Similarly, building the SOQL query is handled entirely via configuration:

query_mapping: >-
  (
    $whereClause := query
      ? $convertQueryToSql(
        query.{
          "created_at": created_at,
          "email_addresses": email_addresses ? $firstNonEmpty(email_addresses.email, email_addresses),
        },
        ["created_at", "email_addresses"],
        {
          "created_at": "CreatedDate",
          "email_addresses": "Email"
        }
      );
    {
      "q": query.search_term
        ? "FIND {" & query.search_term & "} RETURNING Contact(Id, FirstName, LastName, Email)",
      "where": $whereClause ? "WHERE " & $whereClause,
    }
  )

This architecture guarantees that you never have to write integration-specific logic in your codebase. You interact with a clean, RESTful unified API, and the platform handles the Salesforce-specific eccentricities. When Salesforce changes an API behavior, it is a config update, not a code deploy.

For a deep technical breakdown of this architecture, read Zero Integration-Specific Code: How to Ship API Connectors as Data-Only Operations.

Strategic Wrap-Up: Building for Scale

Whether you build in-house or use a platform, your Salesforce integration architecture needs to handle five things well:

1. OAuth lifecycle management - proactive token refresh, concurrency control to prevent race conditions, and admin-gated Connected App installation.
2. API selection logic - REST for real-time operations, Bulk API 2.0 for high-volume batches.
3. Rate limit awareness - track the Sforce-Limit-Info header, implement exponential backoff, and set alerts before hitting the ceiling.
4. Dynamic schema handling - use the Describe API for field discovery and build configuration-driven mappings that adapt per customer.
5. Custom object support - full __c field extraction, relationship traversal via __r, and per-tenant mapping overrides.

Shipping a Salesforce integration is not a one-time project. It is an ongoing commitment to maintaining OAuth lifecycles, monitoring rate limits, supporting new custom objects, and responding to API deprecations.

If you build this entirely in-house, your engineering team will inevitably become an integrations maintenance team. By leveraging a declarative unified API, you offload the infrastructure burden. You get the depth of a native integration, the ability to read and write custom fields dynamically, and the reliability of distributed token management - all while keeping your engineering team focused on your core product.
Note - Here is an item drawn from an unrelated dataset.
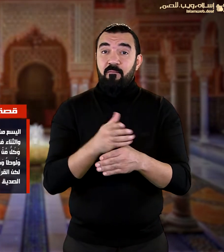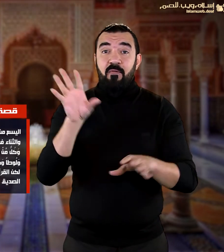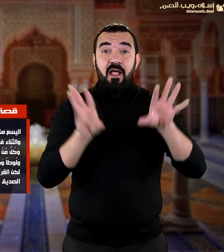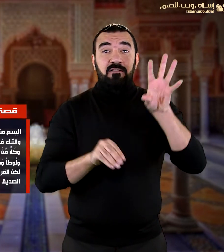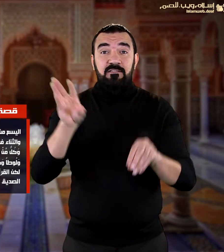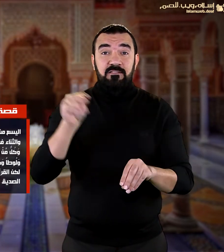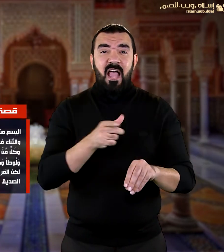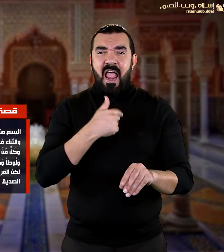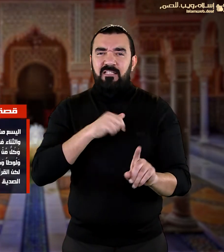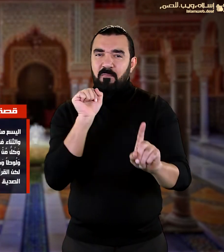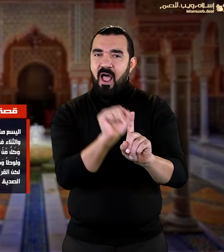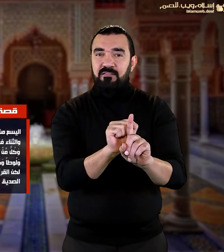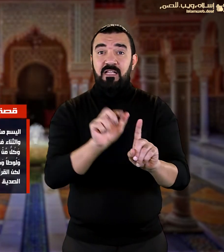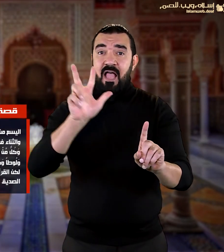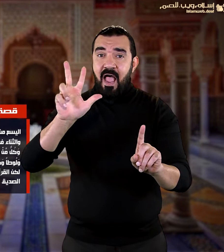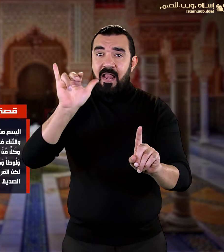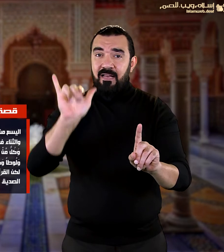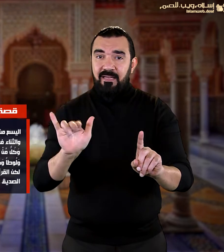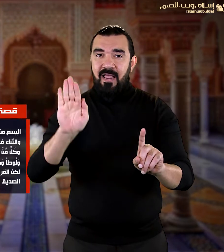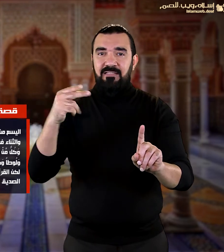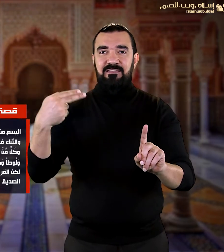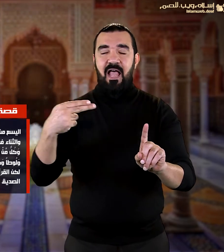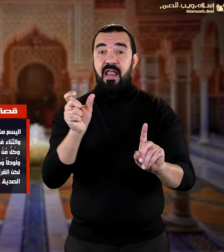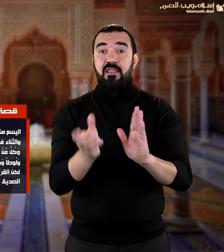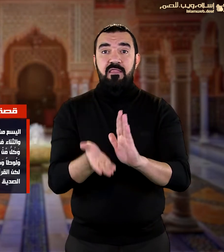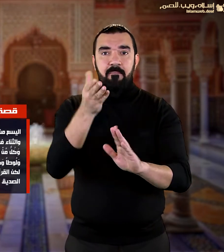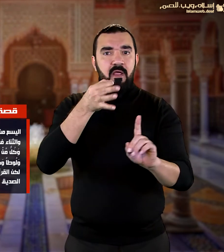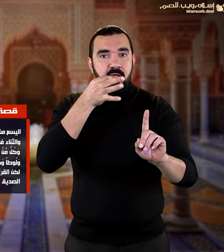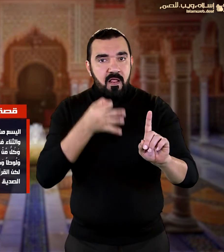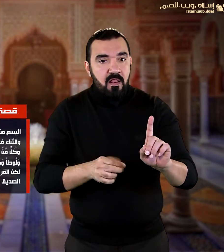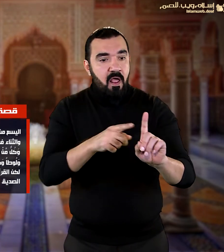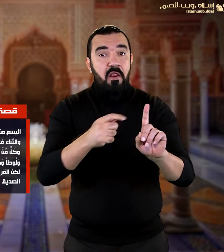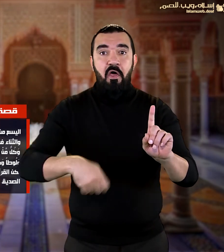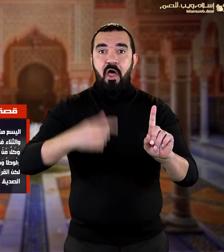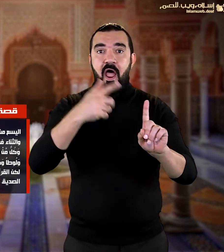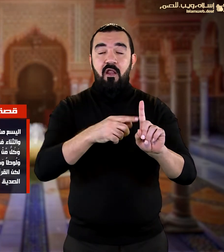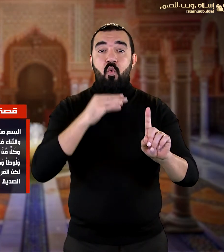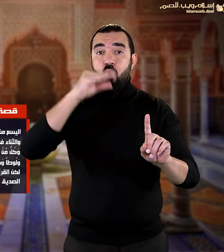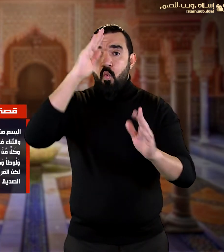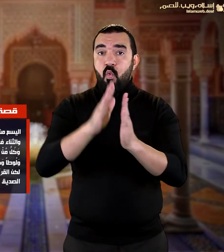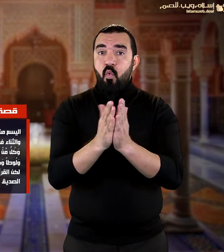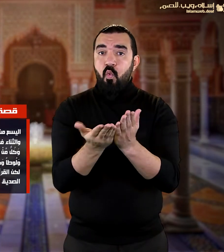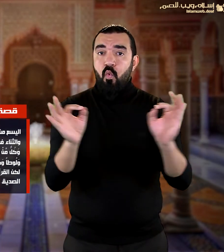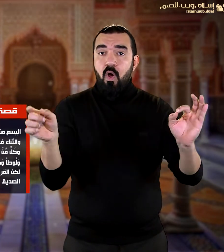اشتركوا والثناء عليه في قوله تعالى في سورة صاد
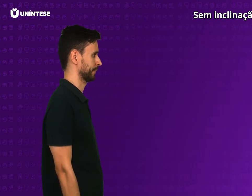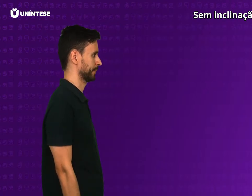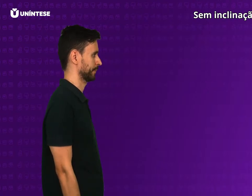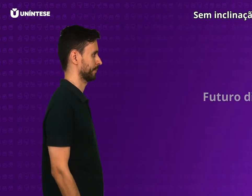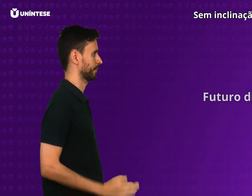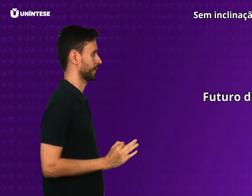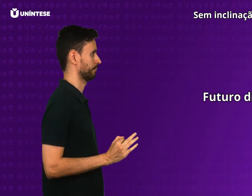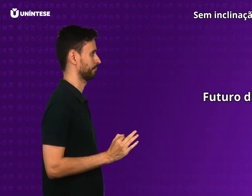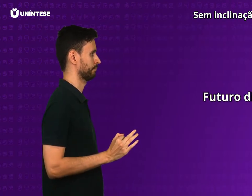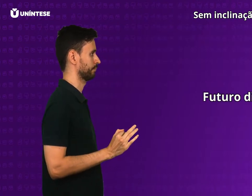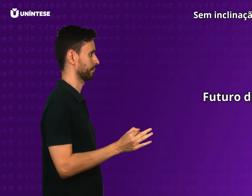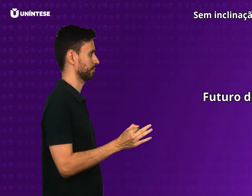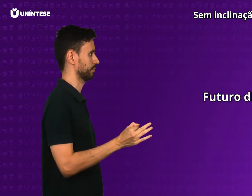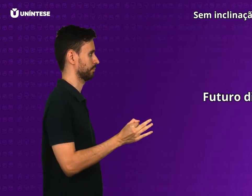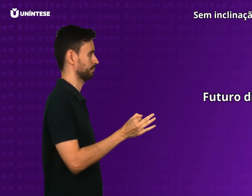Futuro distante.
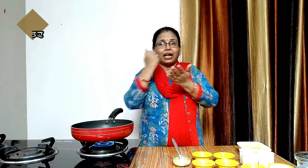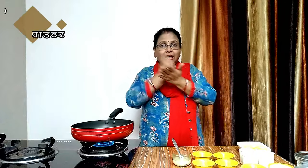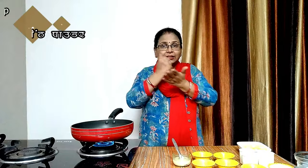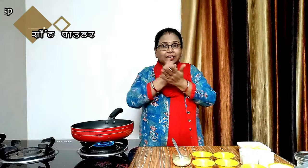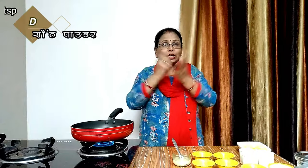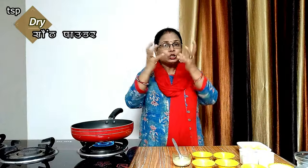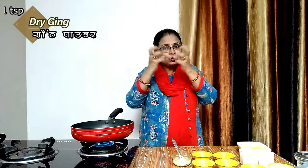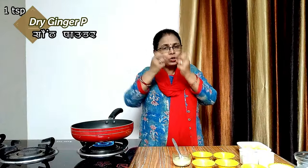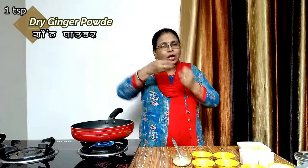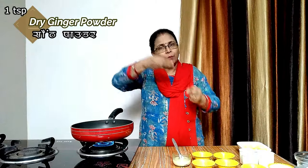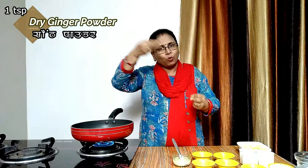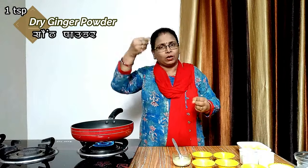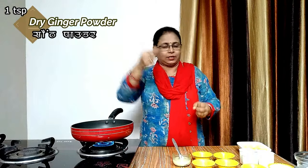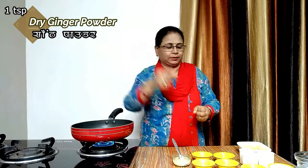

Furthermore, for anything the unified model does not cover, you can leverage a proxy API to interact directly with the Salesforce instance.

The worst outcome is shipping a half-built integration that only works with standard objects. Your enterprise customers will test it against their real orgs - with their custom fields, their automation rules, their unique object hierarchies - and if it breaks, you lose the deal.